[Mirrored from: http://www.textscience.com/w6paper.html. Please see the canonical URL.]
The following paper was presented at the SGML '94 Poster Session. There is an accompaning poster which describes various strategies for mapping Word 6 styles to SGML.
Many organizations are considering using Word 6 for SGML authoring now that Microsoft's SGML Author is on the immediate horizon. We'd like to offer some reflections on our decision to use Word 6 and our experience with conversion to SGML with respect to our overall philosophy of incremental, evolutionary project engineering.
If Word 6 could be used to produce SGML it would be a very attractive choice for our project for at least one negative and one positive reason. The negative reason is that SGML-savvy writers and editors are rare. It is difficult to ask in-house editors, reluctant even to move from Word Perfect to Word, to learn the very different skill of using an SGML editor. It is impossible to require SGML submissions from authors who, if nothing else, can not be expected to have the necessary software. We can, however, ask our staff and authors to use styles which can be turned into basic SGML. As they become adept at this they are also mastering some of the thinking which goes into using SGML. The positive motivation is that we believe that Word is a great document authoring tool, reflecting the effort poured into its development.
We found that Word 6 can be used for authoring SGML through the use of styles. We have described some useful techniques in our poster and we have pointed out some of the limitations and pitfalls. Bottom line: You can, in principle, do most of things you might need to do if you can be flexible in the design of both your stylesheets and DTD to ensure that they work together. Stylesheets can be simplified (lessening the burden on authors) if the conversion scheme includes regular expression recognition, variables, and control statements. We wrote an RTF (Rich Text Format, i.e., Word ASCII) conversion engine using the freeware program Perl, which also executes conversion scripts written in Perl. We have not had the opportunity to try SGML Author yet, but we believe that it will both be useful and not capable of entirely supplanting our use of Perl. The main advantage of SGML Author is its ability to create the SGML file and parse it within Word with a feedback loop for correcting errors. Correcting errors may not always be easy since some errors may make sense according to the DTD but not make sense to the author using styles. But SGML Author is a GUI and is not designed to have the expressive power of a language like Perl, as Microsoft has emphatically stated. We therefore envision using SGML Author in a two stage conversion. The first involves using SGML Author to create SGML conforming to a DTD expressly designed to simply the work of the author with the application of styles and the correcting of errors in conversion. The second stage would be a DTD-to-DTD conversion where the second DTD is derived from the first, but with a fuller breakdown of elements, clearer demarcation of structure, and rearrangement of structure where required. Any of the language-based SGML conversion tools would be very well-suited for this task.

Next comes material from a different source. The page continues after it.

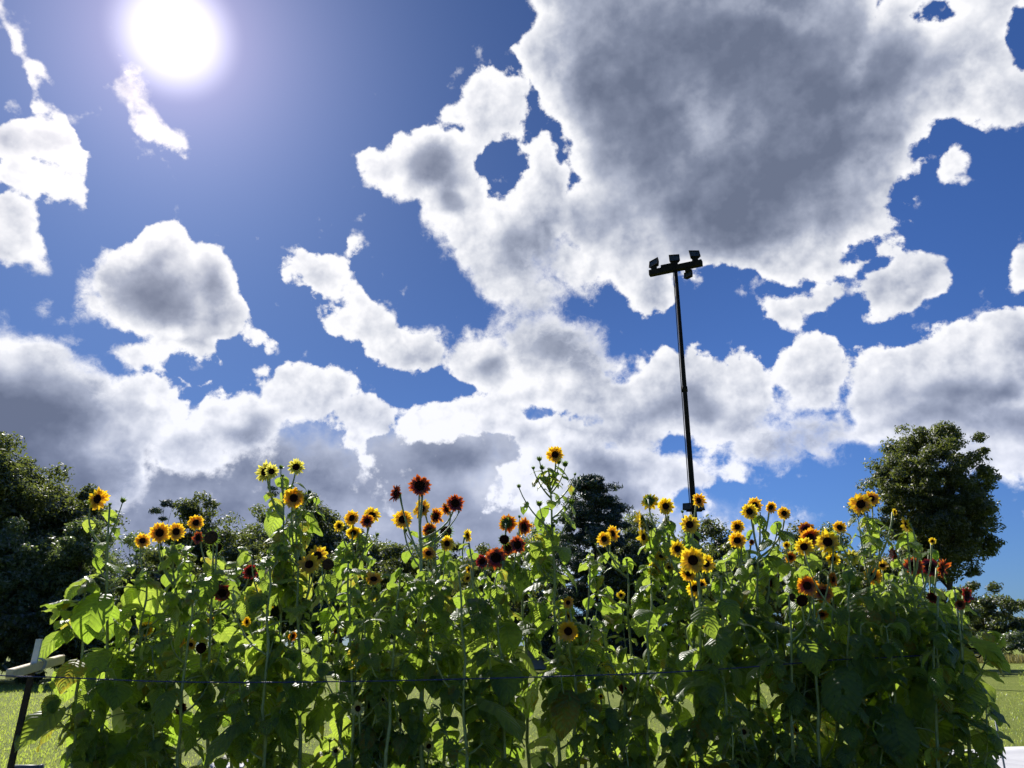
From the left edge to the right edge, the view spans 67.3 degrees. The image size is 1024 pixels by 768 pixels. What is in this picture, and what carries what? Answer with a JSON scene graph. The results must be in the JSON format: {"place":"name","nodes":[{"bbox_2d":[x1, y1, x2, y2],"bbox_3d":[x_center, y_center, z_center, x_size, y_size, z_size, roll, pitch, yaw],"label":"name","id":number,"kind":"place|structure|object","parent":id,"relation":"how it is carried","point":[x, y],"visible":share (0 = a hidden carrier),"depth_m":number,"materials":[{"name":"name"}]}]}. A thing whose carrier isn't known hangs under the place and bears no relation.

The above scenario assumes that the target DTDs will still be based on a document architecture, that is, the implicit structure of the Word document being converted. A document architecture is less useful than an information repository architecture, based on the division of knowledge of the domain represented, as the source of multiple, non-paper based applications. Nonetheless, today, we are working with document architectures. The spirit of our legacy data haunts the first stage of our project and we are, in consequence, still using models originating out of paper-based production. There are good reasons for going only this far at first, rather than aiming for the ultimate repository architecture in one fell swoop. SGML itself, the standard, tools, and applications, are changing as we speak. Our work in the field of law is deeply interrelated to the flow of information from the courts and legislatures, as well as other legal information providers. We hypothesize that wider acceptance of SGML in our field, the law, and the resulting increased interoperability of electronic legal information resources will have a broad and unifying effect on law databases. Finally, our self-knowledge has grown in the course of targeting and reaching the first stage which better enables us to architect the next stage.
When we move away from a document architecture to a information repository architecture will we have to leave Word by the wayside? After all, Word is designed to create visually appealing documents, not write fields into text databases. There are three arguments militating against the obvious. First, because Word is one of the most widely used text editors, with a plethora of features designed to make editing easy, it is an appropriate choice for writing SGML tagged documents. This is the position taken by Nice Technologies with their SGML Tag Wizard product. The second argument is that as long as human beings write text, visually appealing documents will be the most appropriate vehicle for the expression of ideas and the information repository architecture will forever remain a holy grail. The third argument is that improvements to the structured information capture abilities of WYSIWYG editors will make them viable tools for authoring into information architectures. It is to this third point that we'd like to throw out a few ideas on some things that Microsoft could do with Word and also some things we could do with SGML to make it more WYSIWYG-friendly.
We are very heartened by the appearance of SGML Author and we hope that it will spur creative thinking and debate on the topic of WYSIWYG editing and SGML. We would love to see our investment in Word today pay off when we move our project to the next stage and the next level DTDs. If this hope proves vain we will retool, doing so when we are in a good position to ensure a solid return on our investment in new technology.